De cómo ser extranjero de sí mismo
Michel Houellebecq y Frédéric Beigbeder son dos escritores franceses que, además de ser amigos, han tenido una trayectoria vital parecida que se refleja en dos de sus novelas. Ambos, denuncian un mundo repleto de estupidez e hipocresía en donde el factor humano ha quedado apartado en beneficio del mercado y de la sociedad anclada en la cultura del éxito que fomenta unos valores tan absurdos como crueles.
Esta mañana, después de haber sostenido una deliciosa entrevista con Álvaro Espinosa, el cantante y guitarrista de Pink Tones —y que en breve aparecerá en nuestra Galería de Cronopios de Achtung!—, me he visto obligado a comer en un céntrico restaurante de la capital. Se trataba de uno de esos lugares destinados al consumo del oficinista de cierto fuste, con un menú del día caro, pero de calidad, y una potente carta.
Mientras saboreaba una excelente menestra, me veía rodeado por agresivos corporativistas, por profesionales curtidos y convencidos del lugar que ocupan en este mundo, y por peones del absurdo mundo laboral.
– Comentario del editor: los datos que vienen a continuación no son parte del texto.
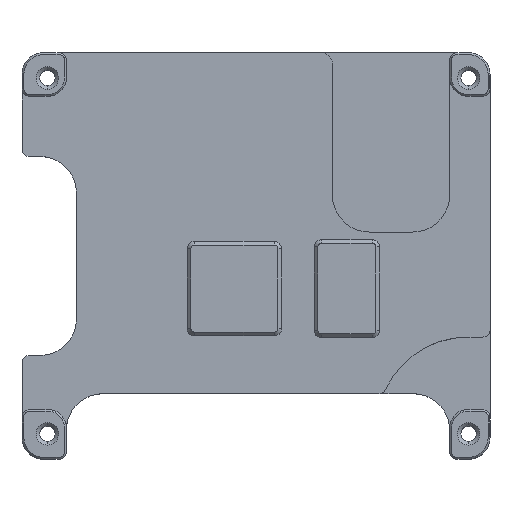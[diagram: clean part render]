
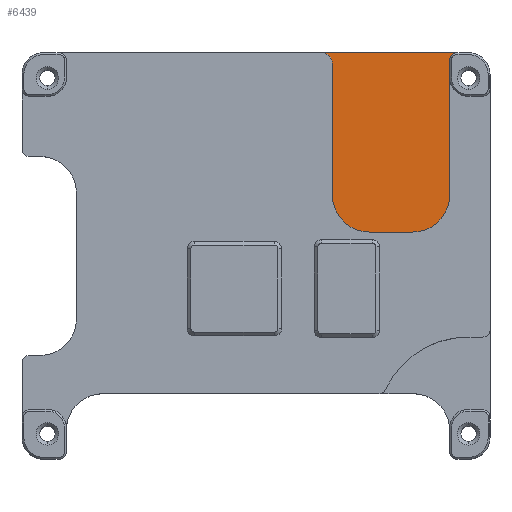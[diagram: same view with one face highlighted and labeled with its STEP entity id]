
A CAD part, top view. The second image highlights one B-rep face of the part: STEP entity #6439.
In plain terms, the highlighted planar face has unit normal (0, 0, 1).
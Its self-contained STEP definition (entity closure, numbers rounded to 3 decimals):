
#2315=DIRECTION('',(0.,-1.,0.));
#2316=VECTOR('',#2315,18.1);
#2317=CARTESIAN_POINT('',(0.25,26.5,-7.));
#2318=LINE('',#2317,#2316);
#2319=DIRECTION('',(1.,0.,0.));
#2320=VECTOR('',#2319,18.65);
#2321=CARTESIAN_POINT('',(-1.25,28.,-7.));
#2322=LINE('',#2321,#2320);
#2323=DIRECTION('',(0.,1.,0.));
#2324=VECTOR('',#2323,18.6);
#2325=CARTESIAN_POINT('',(16.4,8.4,-7.));
#2326=LINE('',#2325,#2324);
#2327=CARTESIAN_POINT('',(11.3,8.4,-7.));
#2328=DIRECTION('',(0.,0.,1.));
#2329=DIRECTION('',(0.,-1.,0.));
#2330=AXIS2_PLACEMENT_3D('',#2327,#2328,#2329);
#2332=CARTESIAN_POINT('',(5.35,8.4,-7.));
#2333=DIRECTION('',(0.,0.,1.));
#2334=DIRECTION('',(-1.,0.,0.));
#2335=AXIS2_PLACEMENT_3D('',#2332,#2333,#2334);
#2345=CARTESIAN_POINT('',(-1.25,26.5,-7.));
#2346=DIRECTION('',(0.,0.,-1.));
#2347=DIRECTION('',(0.,1.,0.));
#2348=AXIS2_PLACEMENT_3D('',#2345,#2346,#2347);
#2359=DIRECTION('',(1.,0.,0.));
#2360=VECTOR('',#2359,5.95);
#2361=CARTESIAN_POINT('',(5.35,3.3,-7.));
#2362=LINE('',#2361,#2360);
#2376=CARTESIAN_POINT('',(17.4,27.,-7.));
#2377=DIRECTION('',(0.,0.,-1.));
#2378=DIRECTION('',(-1.,0.,0.));
#2379=AXIS2_PLACEMENT_3D('',#2376,#2377,#2378);
#2467=CARTESIAN_POINT('',(16.4,27.,-7.));
#2468=CARTESIAN_POINT('',(17.4,28.,-7.));
#2469=VERTEX_POINT('',#2467);
#2470=VERTEX_POINT('',#2468);
#2471=CARTESIAN_POINT('',(0.25,8.4,-7.));
#2472=CARTESIAN_POINT('',(5.35,3.3,-7.));
#2473=VERTEX_POINT('',#2471);
#2474=VERTEX_POINT('',#2472);
#2479=CARTESIAN_POINT('',(16.4,8.4,-7.));
#2480=VERTEX_POINT('',#2479);
#2482=CARTESIAN_POINT('',(0.25,26.5,-7.));
#2484=VERTEX_POINT('',#2482);
#2487=CARTESIAN_POINT('',(-1.25,28.,-7.));
#2488=VERTEX_POINT('',#2487);
#2989=CARTESIAN_POINT('',(11.3,3.3,-7.));
#2990=VERTEX_POINT('',#2989);
#6419=CARTESIAN_POINT('',(0.,0.,-7.));
#6420=DIRECTION('',(0.,0.,1.));
#6421=DIRECTION('',(1.,0.,0.));
#6422=AXIS2_PLACEMENT_3D('',#6419,#6420,#6421);
#6423=PLANE('',#6422);
#6425=ORIENTED_EDGE('',*,*,#6424,.F.);
#6427=ORIENTED_EDGE('',*,*,#6426,.F.);
#6428=ORIENTED_EDGE('',*,*,#3790,.T.);
#6430=ORIENTED_EDGE('',*,*,#6429,.F.);
#6431=ORIENTED_EDGE('',*,*,#6398,.F.);
#6432=ORIENTED_EDGE('',*,*,#6410,.F.);
#6434=ORIENTED_EDGE('',*,*,#6433,.F.);
#6436=ORIENTED_EDGE('',*,*,#6435,.F.);
#6437=EDGE_LOOP('',(#6425,#6427,#6428,#6430,#6431,#6432,#6434,#6436));
#6438=FACE_OUTER_BOUND('',#6437,.F.);
#6439=ADVANCED_FACE('',(#6438),#6423,.T.);
#2331=CIRCLE('',#2330,5.1);
#2336=CIRCLE('',#2335,5.1);
#2349=CIRCLE('',#2348,1.5);
#2380=CIRCLE('',#2379,1.);
#3790=EDGE_CURVE('',#2488,#2470,#2322,.T.);
#6398=EDGE_CURVE('',#2480,#2469,#2326,.T.);
#6410=EDGE_CURVE('',#2990,#2480,#2331,.T.);
#6424=EDGE_CURVE('',#2484,#2473,#2318,.T.);
#6426=EDGE_CURVE('',#2488,#2484,#2349,.T.);
#6429=EDGE_CURVE('',#2469,#2470,#2380,.T.);
#6433=EDGE_CURVE('',#2474,#2990,#2362,.T.);
#6435=EDGE_CURVE('',#2473,#2474,#2336,.T.);

No quiero dar una imagen punk ni parecer un antisistema, pero escuchando sus conversaciones y contemplando sus actitudes, me he sentido como los personajes protagonistas de Ampliación del campo de batalla y de 13, 99 Euros (ambas en Anagrama), novelas de los franceses Houellebecq y Beigbeder.
En Ampliación del campo de batalla, el protagonista es un informático que, harto de su trabajo, se revela contra el mundo de convenciones laborales y comportamientos ridículos. En cierto modo, se trata de un antihéroe que se plantea el tema de la existencia, más cerca de El Extranjero (Alianza) de Camus de lo que pueda parecer, para realizar un desolador retrato de nuestra sociedad de consumo: un campo de batalla en donde luchamos cada día, o tal vez agonizamos, para no ser vencidos.
Este protagonista es un trasunto del propio Houellebecq que también fue informático y naufraga en la depresión que le provoca la decadencia del sistema en el que vive. Todos, adopten el papel que adopten, son perdedores en este ecosistema de la estupidez, la mentira, la prostitución de los valores, el consumismo instantáneo y el hedonismo salvaje. Ante eso no se puede oponer nada más que cierto tipo de nihilismo hastiado, que sirve más de protección que de solución.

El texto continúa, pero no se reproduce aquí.